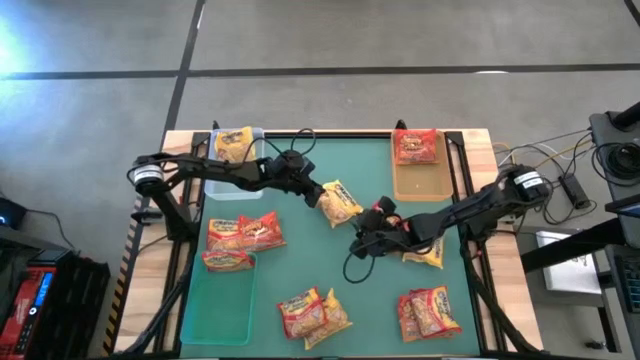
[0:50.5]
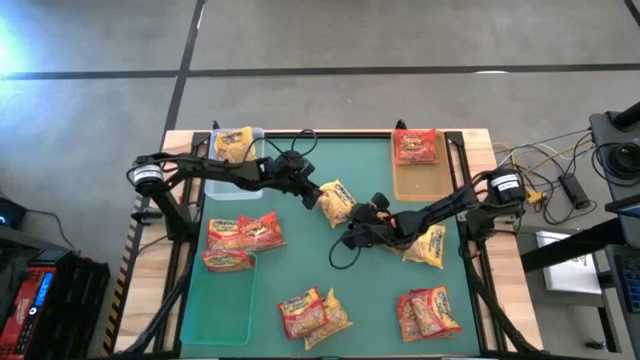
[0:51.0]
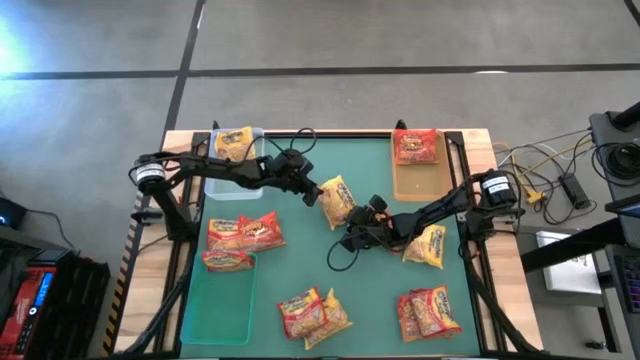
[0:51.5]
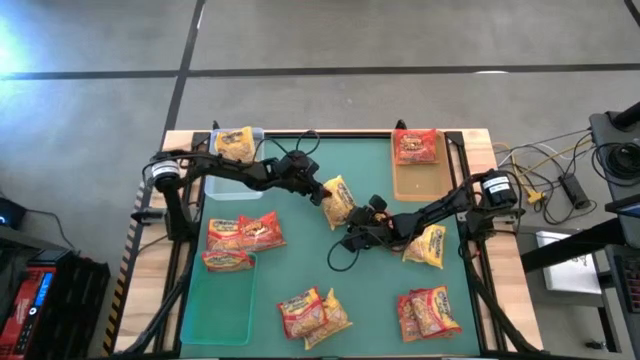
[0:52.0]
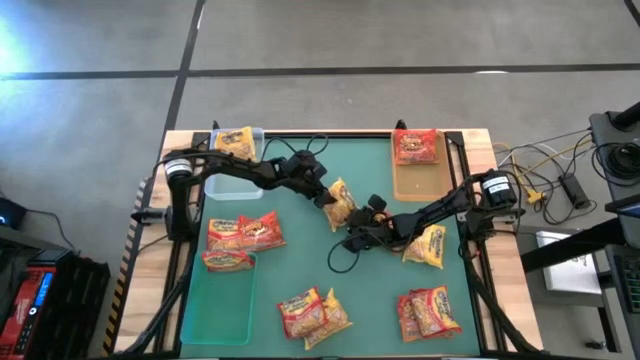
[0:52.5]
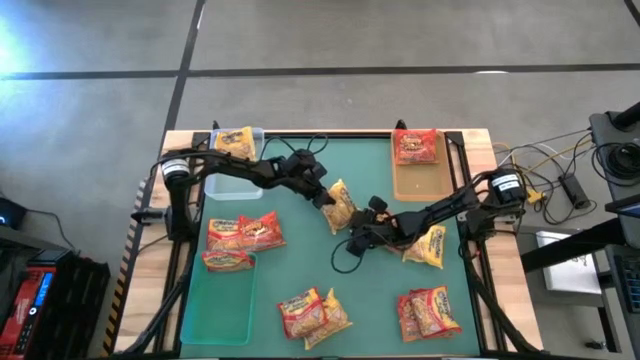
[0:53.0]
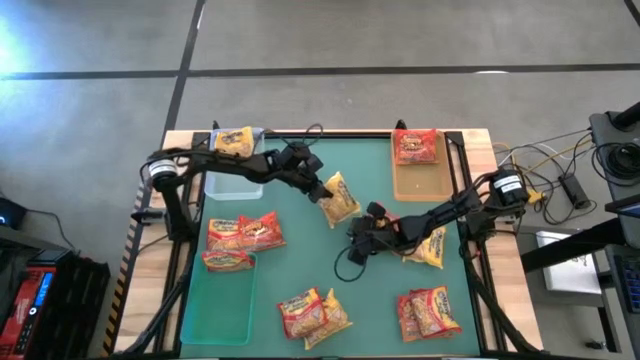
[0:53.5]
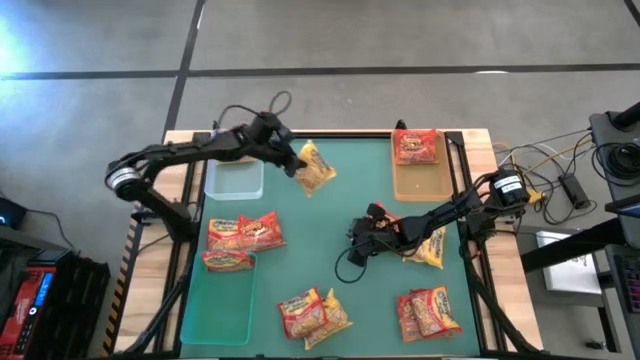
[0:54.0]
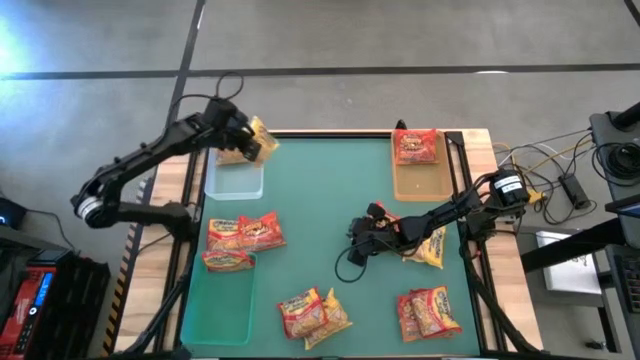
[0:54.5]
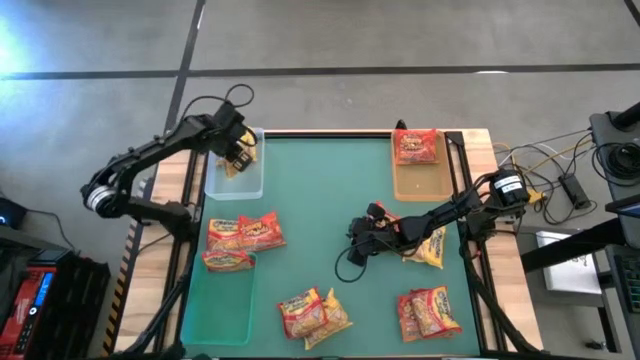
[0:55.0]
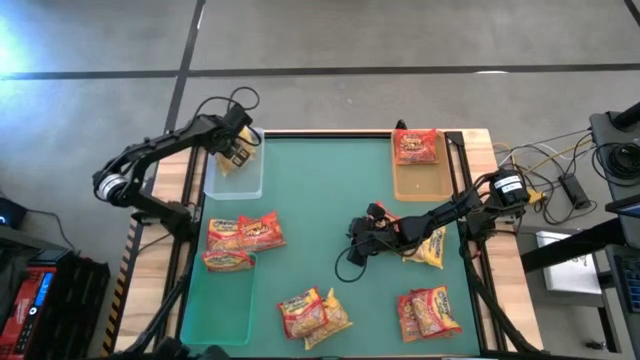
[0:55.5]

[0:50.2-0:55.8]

§ **WORK ORDER**: Go through the listing above and write it out again exactly, dropping the pictures.

§ **WRITTEN REPLY**:
[0:50.5]
[0:51.0]
[0:51.5]
[0:52.0]
[0:52.5]
[0:53.0]
[0:53.5]
[0:54.0]
[0:54.5]
[0:55.0]
[0:55.5]

[0:50.2-0:55.8]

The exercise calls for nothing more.